# Kindle 2: A Big Disappointment



## larykirk (Feb 28, 2009)

I have received my new Kindle 2. What a grand disappointment!!! This is an update from the message I posted on Amazon as well.

First, I was absolutely stunned to learn that all of the magazines and newspapers I've saved over several months, with annotations, highlights and bookmarks related to my work, etc. would be LOST because Amazon did NOT provide any migration path to retain such material. Despite that I paid for all of it, Amazon didn't think about how I could retain it when I updgraded/migrated to the Kindle 2? Nobody thought about how the customer could retain what he already bought? For those of you in the same boat, say goodbye to all of that material because the newspapers and magazines that I also paid for DO NOT TRANSFER.

I would think that somebody would understand that I decided to retain those materials for a reason. I NEVER would have imagined that for those upgrading, all of that would be lost. Would anyone ever buy a new computer if they had to give up certain categories of content that simply could not be transferred to the new computer? I don't think so.

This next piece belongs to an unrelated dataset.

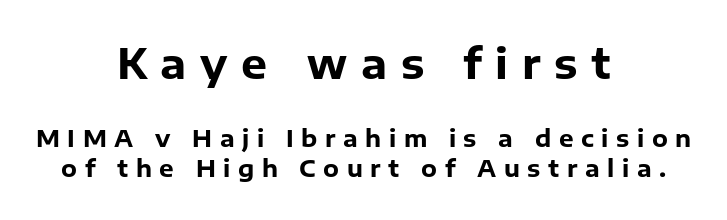
The image shows 41 px heavy sans-serif type, upright; set centered, normal line spacing (1.32x), unusually wide letter spacing (+0.33 em), not underlined; the first (top) block is 1.78x larger; low stroke contrast and a medium x-height.
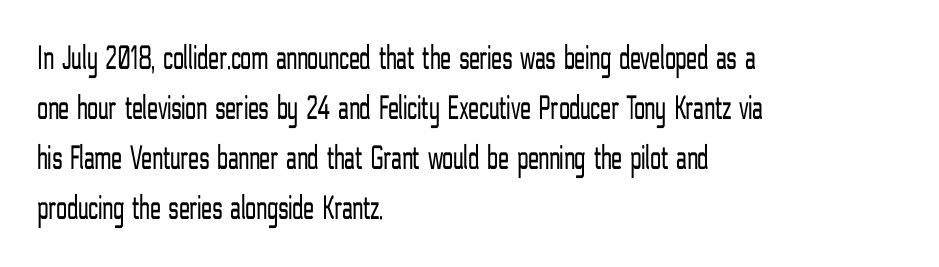
The lettering stays uniformly vertical, giving the passage a roman look. Think of a printed novel: that variable character pitch is what you see here. The typesetting does not lean heavy: it is not bold. A student would call this left alignment; a typographer would say flush left, rag right. The glyphs in this specimen are sans serif. The leading is moderate, giving the passage an even texture.

To add further insult, I only discovered in a newspaper review of the Kindle 2 that the memory card is not longer used. I also discovered today that there is also NO MIGRATION PATH to save those documents either, and transfer them to the Kindle 2. One person suggested copying them to the computer and transferring them via email at $.10/each. What format would they be in? Would the newspapers and magazines all be in PDF? Can they be transferred while retaining their format? Apparently not, so everything that isn't a book that is on the memory card - Adios!!

UPDATED:

Following a variety of suggestions on the Amazon boards, here's the latest, sadly confirming my earlier points. Many people made good, logical suggestions but probably haven't tried them. So, I hooked up the USB to Kindle 1 and transferred my newspapers and magazines to a folder on my desktop. I then connected the Kindle 2 via USB and transferred over a sampling to see if this simple approach would work.

Alas, the files did show up. The newspaper and magazines showed up by date going back sometime and I was quite encouraged . . . until I tried to open them, at which time IN EVERY SINGLE CASE, I got this message:

"The selected item could not be opened. If you purchased this item from Amazon, you can try redownloading the item from Archived Items in Home. For additional help, please call Kindle Customer Service . . . ."

I was still optimistic when I saw on the home page the category "Periodicals: Back Issues (24)", along with the most current issue of, say, Fortune magazine. I first went to the latest Fortune issue, and got the identical message above. I then ventured to the "Periodicals: Back Issues", found the 24 issues and when I tried to open any of them, ALSO got the identical message.

So, to our collective chagrin, it appears that Amazon Customer NON-Service was right. It can't be done.

It's still mind-boggling that I can't keep subscriptions I've paid for.

Other ideas?


----------



## pidgeon92 (Oct 27, 2008)

I have no ideas.... I was aware of this limitation some time ago, and while several people argued with me that what you described was not the way it worked, I knew it was as I had tried what you did with both of the Kindles I have.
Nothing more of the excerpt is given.